UBC Reports | Vol. 47 | No. 07 | Apr.
5, 2001
Honour Roll
Zoology Prof. Carl Walters has been selected as one of 10 "guardians
of the oceans" for his work in developing multi-species fisheries harvesting
models for improved global fisheries management.
Walters, who works with the Fisheries Centre, has been chosen as a 2001 Pew
Marine Conservation fellow. He has been awarded $150,000 from the Pew Fellows
Program in Marine Conservation, an initiative of the Pew Charitable
Trusts operated
in partnership with the New England Aquarium.
Each year, 10 outstanding ocean champions are supported by the program to
undertake pioneering projects that tackle urgent conservation challenges in
four areas: sustainability of marine ecosystems; fisheries management; marine
contamination; and coastal conservation.
Since the program was launched in 1990, fellows have been chosen from more than
20 countries.
Two UBC scholars have been appointed scholars-in-residence in Women's
Studies for 2002.
Gwen Chapman, associate professor in Agricultural Sciences,
and Shauna
Butterwick, assistant professor in Education Studies, have been
appointed.
The visiting scholar program is an integral part of the Centre for Research in
Women's Studies and Gender Relations. Scholars who are accepted spend leave
time of one to six months in affiliation with the centre.
The goal of the centre is to stimulate feminist research and to facilitate
interchange of ideas and collaboration among scholars at UBC and
elsewhere.
The visiting scholar program is open to faculty, both untenured and tenured, as
well as to independent scholars who are engaged in critical work on women and
gender.
UBC scholars-in-residence for 2000-01 are: Ruth
Buchanan, assistant
professor, Faculty of Law; Nancy Frelick, chair, Comparative
Literature
and associate professor, Dept. of French, Hispanic and Italian Studies; and
Gloria Onyeoziri, associate professor, Dept. of French, Hispanic and
Italian Studies.
Lloyd Axworthy, director and chief executive officer of
the Liu Centre for the Study of Global Issues, has received the Madison Medal
for 2001 from his alma mater, Princeton University.

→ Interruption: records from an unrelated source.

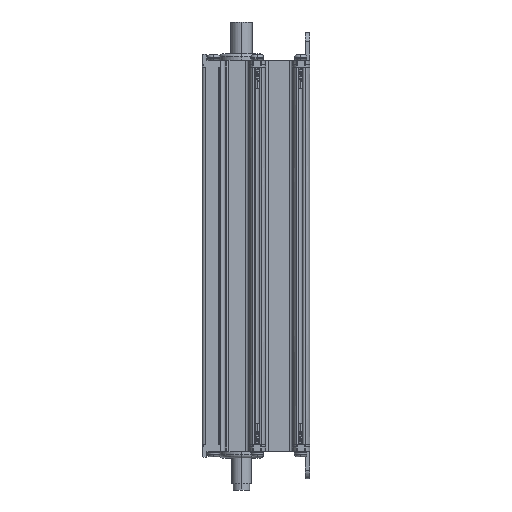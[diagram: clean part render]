
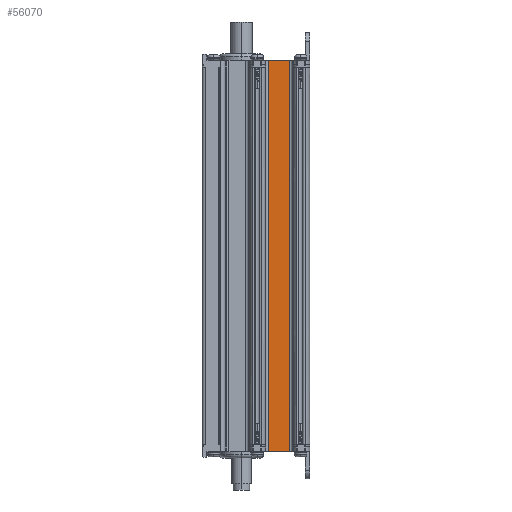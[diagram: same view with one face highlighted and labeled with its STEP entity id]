
A CAD part, left-side view. The second image highlights one B-rep face of the part: STEP entity #56070.
In plain terms, the highlighted planar face has unit normal (-1, 0, 0).
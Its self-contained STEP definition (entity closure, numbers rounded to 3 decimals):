
#42010=CARTESIAN_POINT('',(-30.55,-13.081,1.6));
#42020=VERTEX_POINT('',#42010);
#42050=CARTESIAN_POINT('',(-30.55,-5.812,1.6));
#42060=DIRECTION('',(0.,-1.,0.));
#42070=VECTOR('',#42060,1.);
#42080=LINE('',#42050,#42070);
#42090=CARTESIAN_POINT('',(-30.55,-5.812,1.6));
#42100=VERTEX_POINT('',#42090);
#42110=EDGE_CURVE('',#42100,#42020,#42080,.T.);
#55690=CARTESIAN_POINT('',(-30.55,-13.081,-133.2));
#55700=VERTEX_POINT('',#55690);
#55730=CARTESIAN_POINT('',(-30.55,-13.081,0.));
#55740=DIRECTION('',(0.,0.,1.));
#55750=VECTOR('',#55740,1.);
#55760=LINE('',#55730,#55750);
#55770=EDGE_CURVE('',#55700,#42020,#55760,.T.);
#55840=CARTESIAN_POINT('',(-30.55,-14.,0.));
#55850=DIRECTION('',(1.,0.,0.));
#55860=DIRECTION('',(0.,1.,0.));
#55870=AXIS2_PLACEMENT_3D('',#55840,#55850,#55860);
#55880=PLANE('',#55870);
#55890=ORIENTED_EDGE('',*,*,#42110,.F.);
#55900=ORIENTED_EDGE('',*,*,#55770,.T.);
#55910=CARTESIAN_POINT('',(-30.55,-5.812,-133.2));
#55920=DIRECTION('',(0.,-1.,0.));
#55930=VECTOR('',#55920,1.);
#55940=LINE('',#55910,#55930);
#55950=CARTESIAN_POINT('',(-30.55,-5.812,-133.2));
#55960=VERTEX_POINT('',#55950);
#55970=EDGE_CURVE('',#55960,#55700,#55940,.T.);
#55980=ORIENTED_EDGE('',*,*,#55970,.T.);
#55990=CARTESIAN_POINT('',(-30.55,-5.812,1.6));
#56000=DIRECTION('',(0.,0.,-1.));
#56010=VECTOR('',#56000,1.);
#56020=LINE('',#55990,#56010);
#56030=EDGE_CURVE('',#42100,#55960,#56020,.T.);
#56040=ORIENTED_EDGE('',*,*,#56030,.T.);
#56050=EDGE_LOOP('',(#56040,#55980,#55900,#55890));
#56060=FACE_OUTER_BOUND('',#56050,.T.);
#56070=ADVANCED_FACE('',(#56060),#55880,.F.);
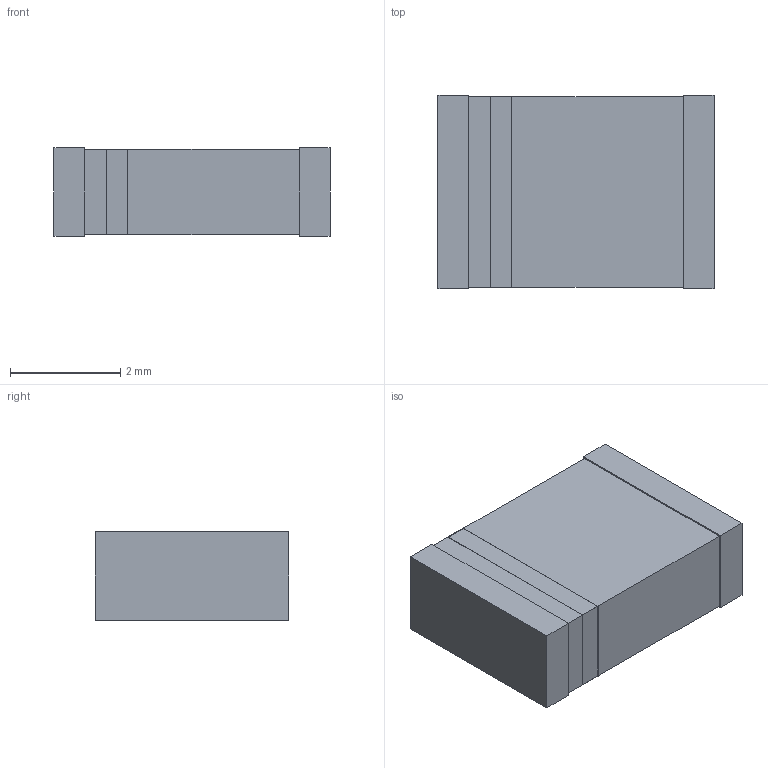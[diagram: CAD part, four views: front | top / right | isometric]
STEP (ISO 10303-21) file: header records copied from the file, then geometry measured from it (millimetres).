
FILE_DESCRIPTION(('STEP AP214'),'1');
FILE_NAME('EC-E1-L','2019-05-03T04:19:47',(''),(''),'','','');
FILE_SCHEMA(('AUTOMOTIVE_DESIGN'));
Length unit declared in the file: millimetre
Products named in the file (1): product
Bounding box: 5 x 3.51 x 1.6 mm (x, y, z)
Surface area: 91.3 mm2 (no closed solid volume)
Topology: 0 solids, 30 shells, 30 faces, 128 edges, 128 vertices
Faces by surface type: plane 30
Entity records: 1481 total; most frequent: CARTESIAN_POINT 287, VERTEX_POINT 256, DIRECTION 190, ORIENTED_EDGE 128, EDGE_CURVE 128, LINE 128, VECTOR 128, AXIS2_PLACEMENT_3D 31
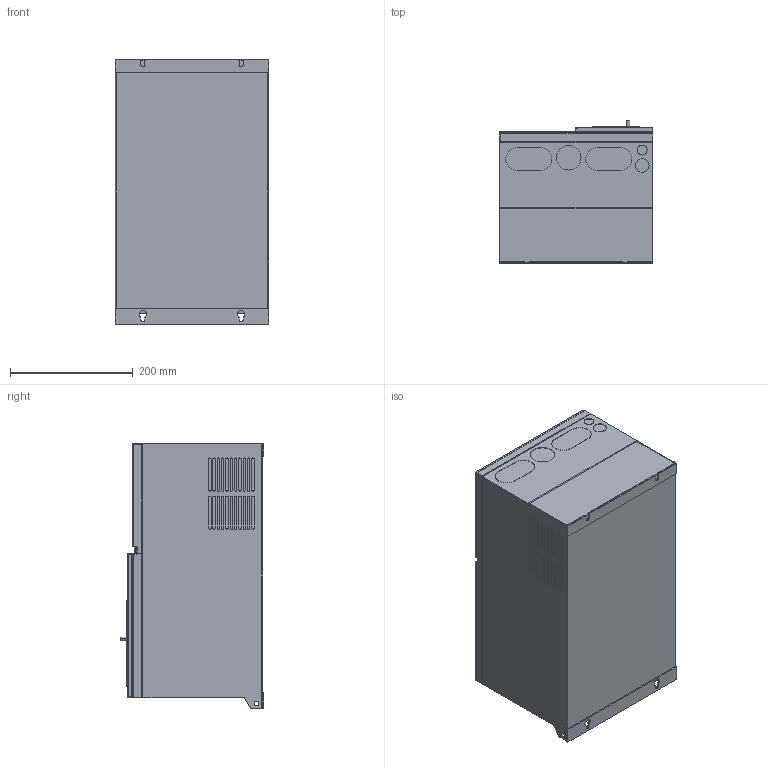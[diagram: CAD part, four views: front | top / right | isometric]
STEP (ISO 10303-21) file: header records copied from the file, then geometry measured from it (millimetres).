
FILE_DESCRIPTION (( 'STEP AP214' ), '1' );
FILE_NAME ('CNT-A310D33V37-45TE.STEP', '2026-02-26T08:53:39', ( '' ), ( '' ), 'SwSTEP 2.0', 'SolidWorks 2022', '' );
FILE_SCHEMA (( 'AUTOMOTIVE_DESIGN' ));
Length unit declared in the file: millimetre
Products named in the file (1): CNT-A310D33V37-45TE
Bounding box: 250 x 234 x 430 mm (x, y, z)
Volume: 21663963 mm3; surface area: 749999 mm2
Topology: 9 solids, 10 shells, 768 faces, 1971 edges, 1261 vertices
Faces by surface type: plane 461, cylinder 270, torus 22, sphere 8, bspline 7
Entity records: 24246 total; most frequent: CARTESIAN_POINT 5022, DIRECTION 4028, ORIENTED_EDGE 3926, EDGE_CURVE 1963, AXIS2_PLACEMENT_3D 1347, LINE 1334, VECTOR 1334, VERTEX_POINT 1261
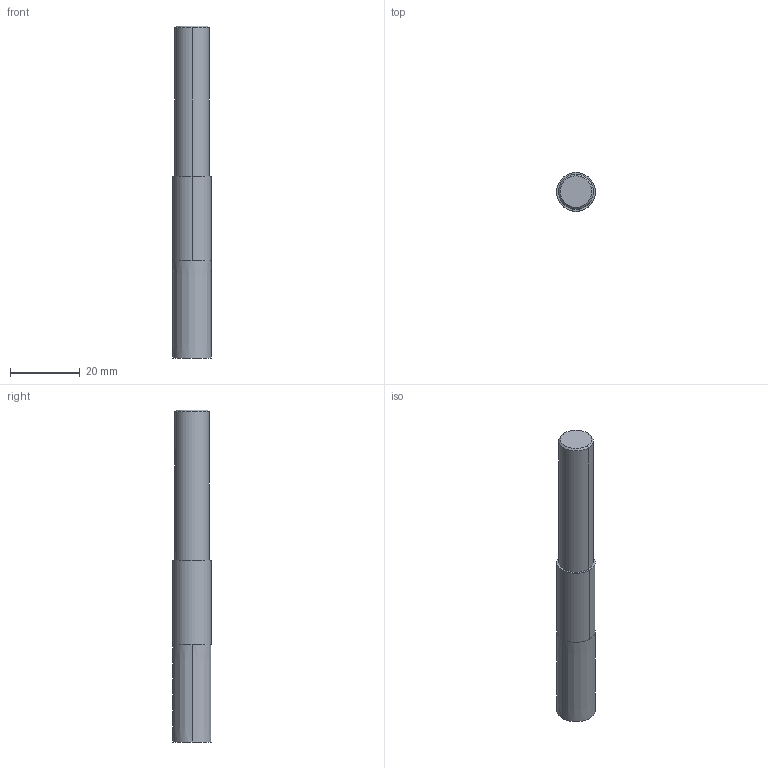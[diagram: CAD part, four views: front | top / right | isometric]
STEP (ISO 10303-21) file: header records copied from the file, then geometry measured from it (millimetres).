
FILE_DESCRIPTION(('no description'),'unknown implementation level');
FILE_NAME('solidd_D6P5OxN37Bn_F8mwcsgfmTM2E_1.STP',' ',('CIM GmbH Aachen'),('CADClick - KiM GmbH - www.kimweb.de'),'unknown preprocess','ACIS','unknown authorization');
FILE_SCHEMA(('automotive_design'));
Length unit declared in the file: millimetre
Products named in the file (2): 1; 2
Bounding box: 11.1 x 11.1 x 95 mm (x, y, z)
Volume: 8405.4 mm3; surface area: 3543.7 mm2
Topology: 2 solids, 2 shells, 28 faces, 65 edges, 42 vertices
Faces by surface type: cylinder 12, plane 10, cone 6
Entity records: 1840 total; most frequent: CARTESIAN_POINT 390, DIRECTION 139, STYLED_ITEM 137, PRESENTATION_STYLE_ASSIGNMENT 137, COLOUR_RGB 137, ORIENTED_EDGE 130, EDGE_CURVE 65, CURVE_STYLE 65

The medal is given annually to a graduate school alumnus who has
had a distinguished
career, advanced the cause of graduate education or has achieved a record of
outstanding public service.
Axworthy, who obtained his PhD in political science from Princeton in 1972 and
spent almost 27 years in government, was Canada's minister of Foreign
Affairs until last fall.
Architect of the Ottawa Treaty that outlawed land mines, he has also campaigned
vigorously for the creation of a permanent international criminal court that
would try people accused of genocide, war crimes or crimes against humanity.